At same temperature points, feet need similar protection. Calientoes, spandex cones, cover toes of cleats, thus a wind pierce preventative you can leave in place all winter, or you could slip into complete shoe covers each time you suit up. Below 30°F, neoprene booties insulate beyond. Likewise, socks go from flimsy polyester to heavy wool, some times both, wool over liners, whatever cleats will allow. Mountain bikers opt for heavy boots and ski paraphernalia. Since safety becomes priority over speed, they sacrifice streamlined for practicality. Only the best prepared or totally foolhardy venture out below 0°F, when breath turns instantly to ice, cable shifts balk, and chain grease freezes.
Depending upon gages, sensors and yardsticks at your disposal, you can collect all sorts of data, but is raw information always relevant?
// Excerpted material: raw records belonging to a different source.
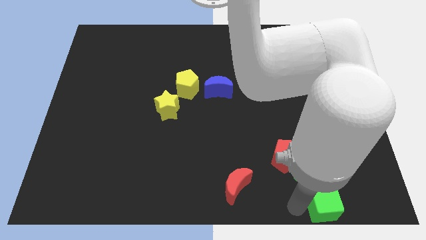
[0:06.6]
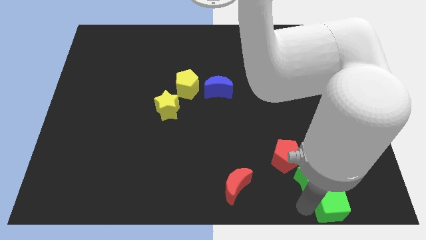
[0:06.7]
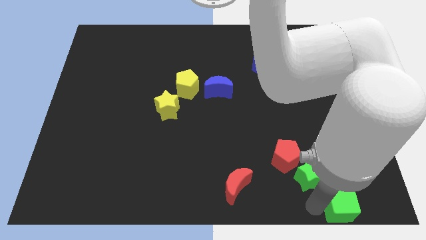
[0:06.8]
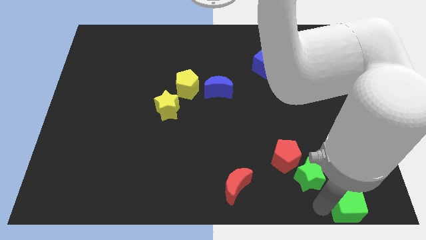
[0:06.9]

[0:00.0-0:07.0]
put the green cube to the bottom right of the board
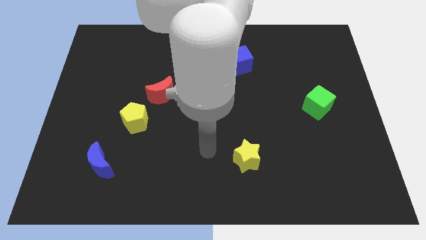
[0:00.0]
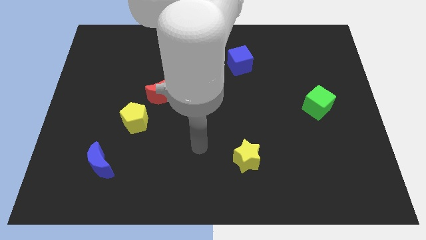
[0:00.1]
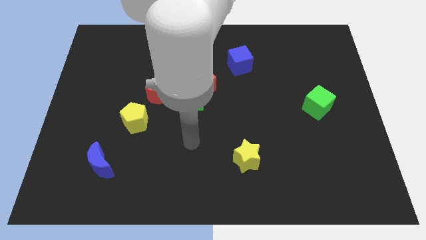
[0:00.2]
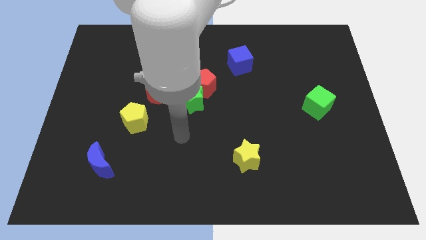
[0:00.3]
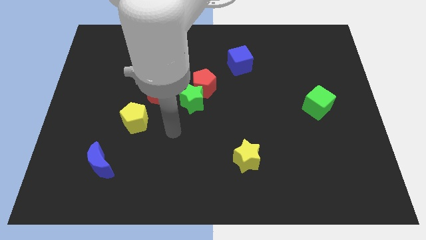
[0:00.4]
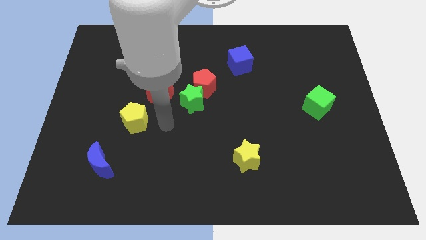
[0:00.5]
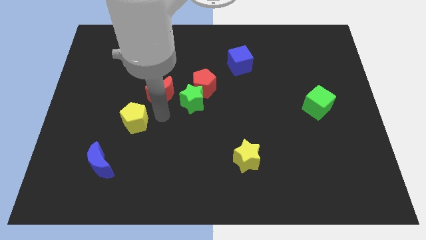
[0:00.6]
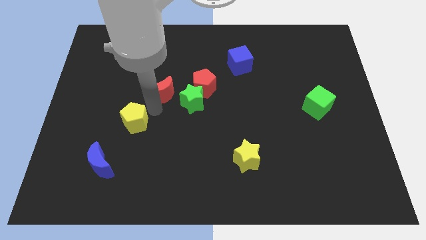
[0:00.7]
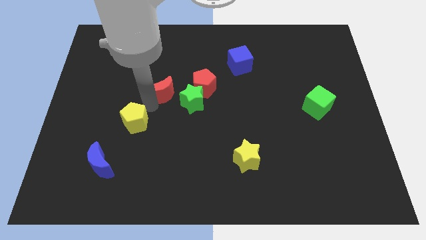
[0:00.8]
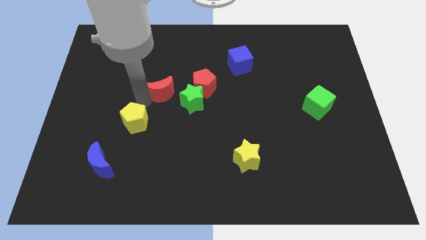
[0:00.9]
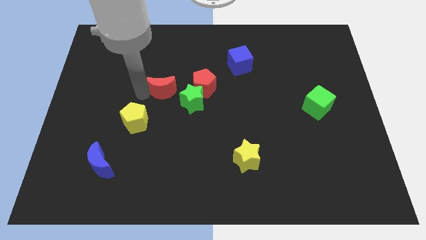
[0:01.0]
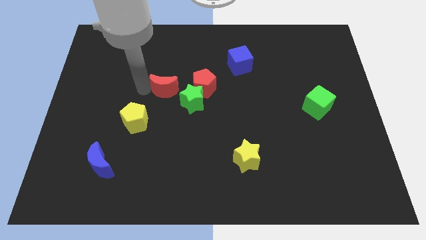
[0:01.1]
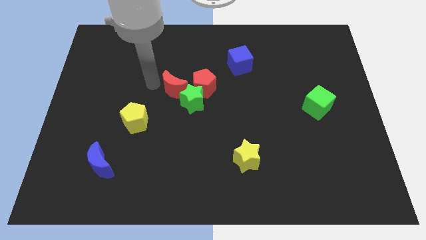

One cyclometer says both speed and temperature, but not whether frostbite will claim body parts or wind chill is too biting to bear. Know-how and logic preempt forecasts and reports. Microscopes reveal bacteria but don't segregate beneficial from harmful. Gyms are heated but harbor germs. Experts rather sell opinions or shut up. Wintery outdoors has wholesome fresh air to spare, better than rest of year. Scientists deny facts based upon whoever pays best. Denialists exist in cycling, who trade hyperbole and hysteria for sensible arguments from 7 decades of experience and research. Every activity possesses downsides and upsides, minuses and pluses, pain and pleasure, yang and yin. One has to question why anyone would expend a quarter century building a case for bicycling culture when most would rather risk their lives on tenuous technologies. Upon onset of winter every year you see scads of ads and articles explaining why motoring is as dangerous as mixing antimatter particles. Have biked through snow to bail out stranded drivers.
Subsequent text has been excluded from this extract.